Zhang Jiazhe, Zhang Haolin, Jiang Peng, Huang Qin, Zhu Guangya, Chen Jingjing, Cheng Yingling, Ran Shu, Jiang Fusong
College of Engineering Science and Technology, Shanghai Ocean University, Shanghai, 201306, China.
Department of Information, Shanghai Jiao Tong University School of Medicine Affiliated Sixth People's Hospital, Shanghai, 200233, China.
Sci Rep. 2025 Aug 17;15(1):30059. doi: 10.1038/s41598-025-15728-9.

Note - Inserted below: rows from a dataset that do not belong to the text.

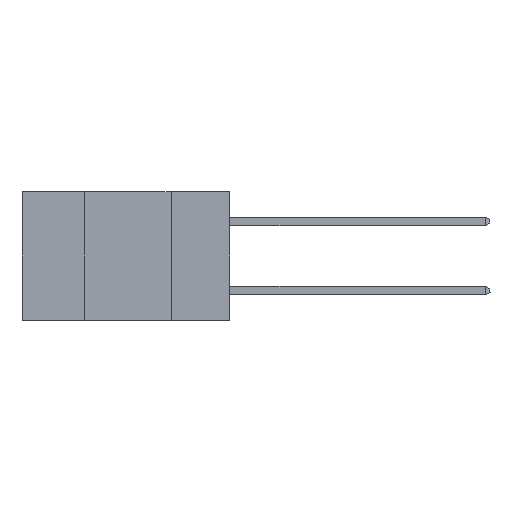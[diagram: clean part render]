
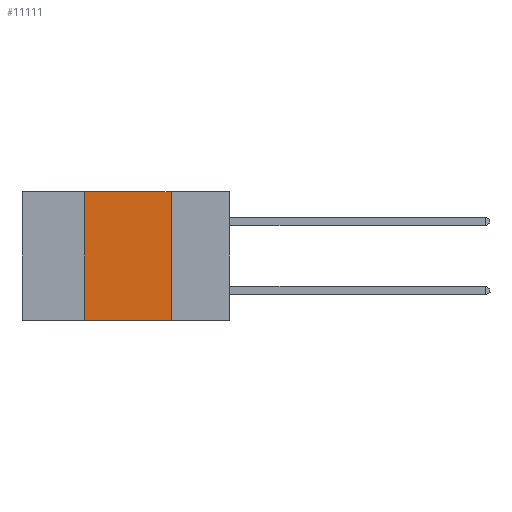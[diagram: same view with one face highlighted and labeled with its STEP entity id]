
A CAD part, left-side view. The second image highlights one B-rep face of the part: STEP entity #11111.
In plain terms, the highlighted planar face has unit normal (-1, 0, 0).
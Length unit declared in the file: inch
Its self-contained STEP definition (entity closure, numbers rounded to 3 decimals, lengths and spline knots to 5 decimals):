
#113 = CARTESIAN_POINT ( 'NONE',  ( 0., 0.6, 0. ) ) ;
#237 = VECTOR ( 'NONE', #12219, 39.37008 ) ;
#1851 = LINE ( 'NONE', #11799, #9228 ) ;
#2121 = ORIENTED_EDGE ( 'NONE', *, *, #2621, .F. ) ;
#2221 = CARTESIAN_POINT ( 'NONE',  ( 0., 0.42, 0. ) ) ;
#2508 = DIRECTION ( 'NONE',  ( 0., 0., 1. ) ) ;
#2621 = EDGE_CURVE ( 'NONE', #6280, #7511, #10882, .T. ) ;
#2987 = ORIENTED_EDGE ( 'NONE', *, *, #9743, .F. ) ;
#3659 = ORIENTED_EDGE ( 'NONE', *, *, #4513, .F. ) ;
#4044 = EDGE_LOOP ( 'NONE', ( #2987, #3659, #2121, #7360 ) ) ;
#4215 = DIRECTION ( 'NONE',  ( 0., 0., -1. ) ) ;
#4413 = VERTEX_POINT ( 'NONE', #6309 ) ;
#4513 = EDGE_CURVE ( 'NONE', #7511, #4413, #4790, .T. ) ;
#4769 = CARTESIAN_POINT ( 'NONE',  ( 0., 0.17, 0. ) ) ;
#4789 = CARTESIAN_POINT ( 'NONE',  ( 0., 0.42, 0. ) ) ;
#4790 = LINE ( 'NONE', #11330, #237 ) ;
#4998 = PLANE ( 'NONE',  #10343 ) ;
#6280 = VERTEX_POINT ( 'NONE', #11964 ) ;
#6309 = CARTESIAN_POINT ( 'NONE',  ( 0., 0.17, 0. ) ) ;
#6386 = FACE_OUTER_BOUND ( 'NONE', #4044, .T. ) ;
#6716 = DIRECTION ( 'NONE',  ( 0., 0., -1. ) ) ;
#6874 = DIRECTION ( 'NONE',  ( 1., 0., 0. ) ) ;
#6996 = DIRECTION ( 'NONE',  ( 0., -1., 0. ) ) ;
#7360 = ORIENTED_EDGE ( 'NONE', *, *, #9231, .T. ) ;
#7415 = VECTOR ( 'NONE', #2508, 39.37008 ) ;
#7511 = VERTEX_POINT ( 'NONE', #4789 ) ;
#9228 = VECTOR ( 'NONE', #6996, 39.37008 ) ;
#9231 = EDGE_CURVE ( 'NONE', #6280, #10355, #1851, .T. ) ;
#9743 = EDGE_CURVE ( 'NONE', #4413, #10355, #10315, .T. ) ;
#9999 = VECTOR ( 'NONE', #6716, 39.37008 ) ;
#10315 = LINE ( 'NONE', #4769, #9999 ) ;
#10343 = AXIS2_PLACEMENT_3D ( 'NONE', #113, #6874, #4215 ) ;
#10355 = VERTEX_POINT ( 'NONE', #12156 ) ;
#10882 = LINE ( 'NONE', #2221, #7415 ) ;
#11111 = ADVANCED_FACE ( 'NONE', ( #6386 ), #4998, .F. ) ;
#11330 = CARTESIAN_POINT ( 'NONE',  ( 0., 0.6, 0. ) ) ;
#11799 = CARTESIAN_POINT ( 'NONE',  ( 0., 0.6, -0.37 ) ) ;
#11964 = CARTESIAN_POINT ( 'NONE',  ( 0., 0.42, -0.37 ) ) ;
#12156 = CARTESIAN_POINT ( 'NONE',  ( 0., 0.17, -0.37 ) ) ;
#12219 = DIRECTION ( 'NONE',  ( 0., -1., 0. ) ) ;

Thyroid cancer is one of the most common types of cancer, pathological diagnosis based on Fine Needle Aspiration Cytology is clinically used as the standard for assessing thyroid cancer. However, the complex structure and large-scale data volume of thyroid pathology images pose challenges in terms of accuracy and efficiency for automatic diagnosis. To address this practical problem, this paper proposes a knowledge distillation method called Multi-Dimensional Knowledge Distillation, which involves feature-based distillation and response-based distillation.We employ a 12-layer Vision Transformer as the teacher model. Feature-based distillation integrates feature information from spatial, channel, and class token, while response-based distillation is achieved through alignment with targets. We integrate information from these diverse dimensions and compress the knowledge into a 3-layer Vision Transformer, which serves as the student model. The student model is trained and evaluated using a dataset containing 22,111 thyroid cytopathological patches. Ultimately, our student model attains a Top-1 classification accuracy of 94.87%. Compared with the teacher model, there is only a 0.55% gap in accuracy, while the computational complexity of the model has decreased by approximately a factor of four. In addition, our method is capable of substantially inheriting the generalization advantages of the teacher model. These results collectively demonstrate the effectiveness of Multi-Dimensional Knowledge Distillation in knowledge transfer.
甲状腺癌是最常见的癌症类型之一,基于细针穿刺细胞学的病理诊断在临床上被用作评估甲状腺癌的标准。然而,甲状腺病理图像的结构复杂且数据量庞大,这给自动诊断的准确性和效率带来了挑战。为了解决这一实际问题,本文提出了一种名为多维知识蒸馏的方法,该方法涉及基于特征的蒸馏和基于响应的蒸馏。我们使用一个12层的视觉Transformer作为教师模型。基于特征的蒸馏整合了来自空间、通道和类别令牌的特征信息,而基于响应的蒸馏则通过与目标对齐来实现。我们整合来自这些不同维度的信息,并将知识压缩到一个3层的视觉Transformer中,该模型作为学生模型。使用包含22,111个甲状腺细胞病理切片的数据集对学生模型进行训练和评估。最终,我们的学生模型达到了94.87%的Top-1分类准确率。与教师模型相比,准确率仅相差0.55%,而模型的计算复杂度降低了约四倍。此外,我们的方法能够充分继承教师模型的泛化优势。这些结果共同证明了多维知识蒸馏在知识转移方面的有效性。